• **HOW TO COMPLETE THIS TASK**
Any picture in the records below stays out; return everything else exactly.

• **EXERCISE MATERIALS**
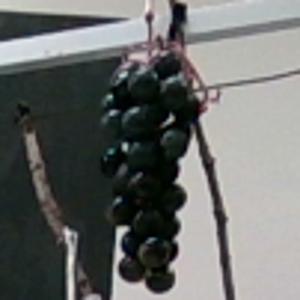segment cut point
Here are the masks:
<instances>
[{"label": "cut point", "instance_id": "1", "mask_svg": "<svg viewBox=\"0 0 300 300\" xmlns=\"http://www.w3.org/2000/svg\"><path fill=\"white\" fill-rule=\"evenodd\" d=\"M142 20L147 27V63L152 60V34L154 30L155 20V0H144V11L142 12Z\"/></svg>", "mask_w": 300, "mask_h": 300}]
</instances>

• **TASK RESPONSE**
segment cut point
Here are the masks:
<instances>
[{"label": "cut point", "instance_id": "1", "mask_svg": "<svg viewBox=\"0 0 300 300\" xmlns=\"http://www.w3.org/2000/svg\"><path fill=\"white\" fill-rule=\"evenodd\" d=\"M142 20L147 27V63L152 60V34L154 30L155 20V0H144V11L142 12Z\"/></svg>", "mask_w": 300, "mask_h": 300}]
</instances>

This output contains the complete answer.